Big data can not only be used to describe customer behavior and business rules, but also the basic raw material for training AI models . However, AI has strict requirements on data. Not all data is suitable. The data must be complete, large, have business meaning, and have characteristic labels . Some data needs to be processed and processed, analyzed and mined.

1. Overview of big data

The concept of "big data" was proposed as early as the 20th century, and McKinsey & Company defined it as "a collection of data whose scale is so large that it greatly exceeds the capabilities of traditional database software tools in terms of acquisition, storage, management, and analysis." Today, big data has different meanings in different contexts. It not only refers to complex and large data collections, but also refers to a series of massive data processing technologies, and can also represent a data-driven business model .

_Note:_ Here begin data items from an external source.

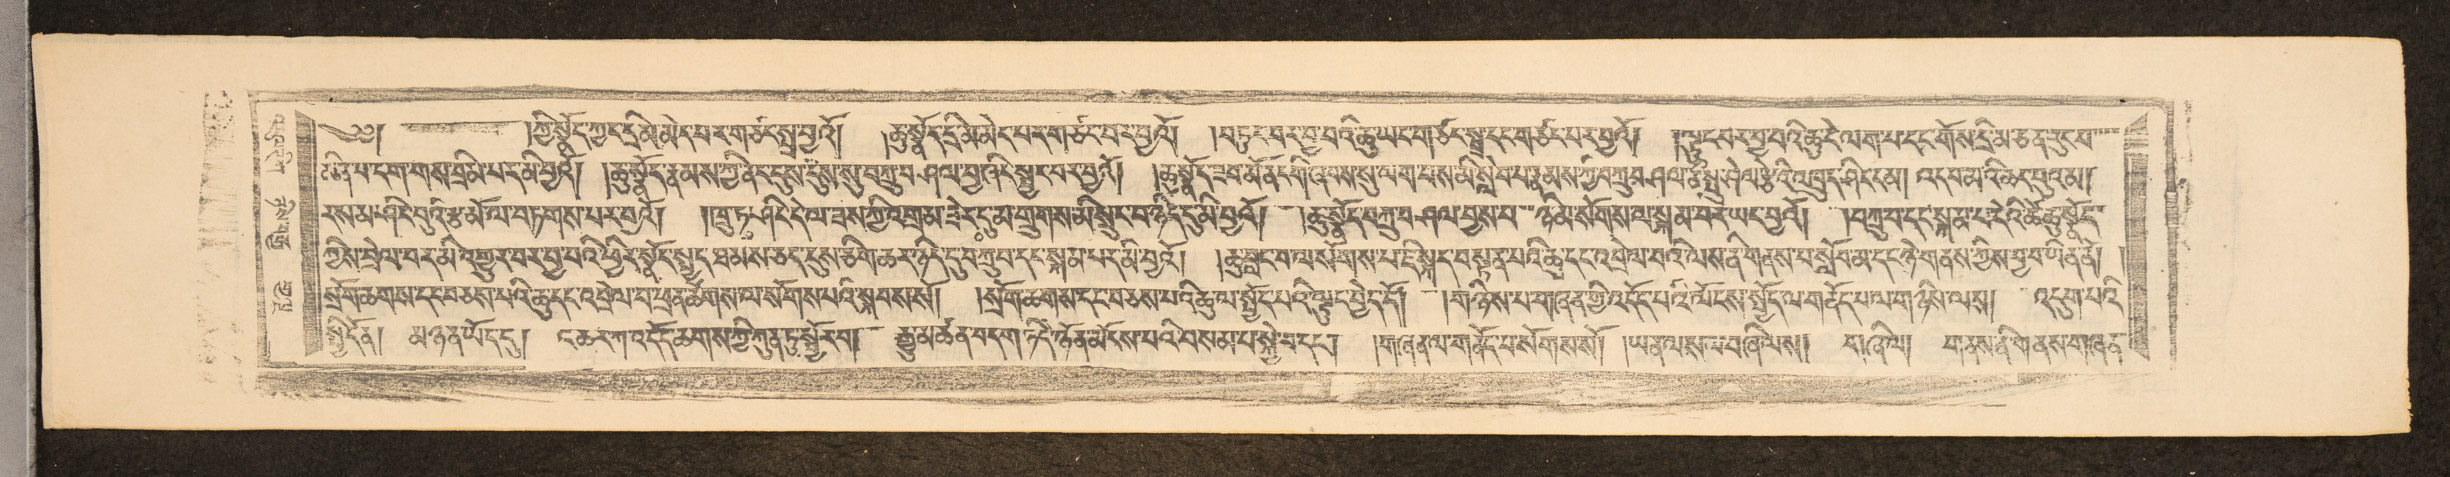༄༅། །ཀྱི་སྣོད་ཀྱང་དྲི་མ་མེད་པར་གཙང་སྦྲ་བྱའོ། །ཆུ་སྣོད་དྲི་མ་མེད་པར་གཙང་བར་བྱའོ། །བཏུང་བར་བྱ་བའི་ཆུ་ཡང་གཙང་སྦྲ་དང་གཙང་བར་བྱའོ། །ལྟུང་བར་བྱ་བའི་ཆུ་དེ་ལག་པ་དང་གོས་དྲི་མ་ཅན་རུང་བ་
མིན་པ་དག་གིས་བྲིམ་པར་མི་བྱའོ། །ཆུ་སྣོད་རྣམས་ཀྱི་ནང་དུས་དུས་སུ་བཀྲུ་བཤལ་བྱ་ཞིང་སྦྱང་བར་བྱའོ། །ཆུ་སྣོད་ཟབ་མོ་ནང་གི་ཞབས་སུ་ལག་པས་མི་སླེབ་པ་རྣམས་ཀྱི་བཀྲུ་བཤལ་ན་སྤུཾ་ཤེལ་རྩེའི་འཁྲུད་ཤིང་དམ། འདབ་མའི་ཆང་བུའམ།
རས་མ་ཤིང་བུའི་རྩེ་མོ་ལ་བཏགས་པར་བྱའོ། །ཁྲུ་ཏཾ་ཤིང་དེ་ལ་ཟས་ཀྱི་འགྲམ་ཟེར་དུ་མ་གྲུགས་མི་སྲུང་བ་ཉིད་དུ་མི་བྱའོ། །ཆུ་སྣོད་བཀྲུ་བཤལ་བྱས་པ་ཉི་མ་སོགས་ལ་སྐམ་པར་ཡང་བྱའོ། །བཀྲུ་བ་དང་སྐམ་པ་དེའི་ཚེ་ཆུ་སྣོད་
ཀྱིས་བྲེལ་བར་མི་འགྱུར་བར་བྱ་བའི་ཕྱིར་སྣོད་སྦྱད་ཐམས་ཅད་དུས་ཅིག་ཆར་ཉིད་དུ་བཀྲུ་བ་དང་སྐམ་པར་མི་བྱའོ། །ཆུ་བླང་བ་ལ་སོགས་པ་ཇི་སྐད་བསྟན་པའི་ཆུ་དང་འབྲེལ་བའི་ལས་ནི་གནས་པ་སློབ་མ་དང་ཉེ་གནས་ཀྱིས་བྱ་བ་ཡིན་ནོ། །
སྲོག་ཆགས་དང་བཅས་པའི་ཆུ་དང་འབྲེལ་བ་ཕྲན་ཚོགས་ལ་སོགས་པའི་སྐབས་སོ། །སྲོག་ཆགས་དང་བཅས་པའི་ཆུ་ལ་སྦྱོད་པའི་ལྟུང་བྱེད་དོ། །གཉིས་པ་གཞན་གྱི་འདོད་པའི་ལོངས་སྦྱོད་ལ་གནོད་པ་ལ་གཉིས་ལས། འདུག་པའི་
སྤྱི་དོན། མཉན་ཡོད་དུ། འཆར་ཀ་འདོད་ཆགས་ཀྱི་ཀུན་ཏུ་སྦྱོར་བ། རྒྱུ་མཚན་བདག་ཉིད་ཉོན་མོངས་པའི་བསམ་པ་སྐྱེབ་དང་། གཞན་ལ་གནོད་བསོགས་སོ། །ཡན་ལག་ལ་བཞི་ལས། གཞི་ལ། གནས་ནི་གནས་ལ་ཞེན་

The "big" of big data is relative, and there is no exact definition. Big data does not only refer to the size of data capacity, but also depends on the difficulty of processing these data according to specific needs. Big data not only refers to a large amount of data, but also depends on the characteristics of rich data types, fast processing speed, and low value density. "Big" also brings some problems - there are few truly valuable data in big data, and this phenomenon is called value depression. The larger the volume of data, the more difficult it is to mine valid data, the more errors there may be in the data, and the greater the technical difficulty faced.

2. Process and method of data processing

Two basic ways of using data :①Data is oriented to "results": directly analyze and process data, find data associations, and mine valuable information. ② Data-oriented "process":Process data or build AI modelsthroughmachine learningIn practice, the two can be used in combination.

The following mainly introduces the first method, and the second method will be discussed in the subsequent chapters on machine learning algorithms:

1. Data collection - "from scratch"

This step is the most difficult and the most important . Many people mistakenly think that the key to AI is the algorithm, but it is not. Most of the algorithms of AI have been developed relatively maturely. A lot of research work is focused on algorithm improvement and optimization. The underlying logic is the same as that of more than ten years There is no essential difference before, but data collection is different, which is the premise and key. —— "The data determines the upper limit of machine learning, and the algorithm is only as close as possible to this upper limit!"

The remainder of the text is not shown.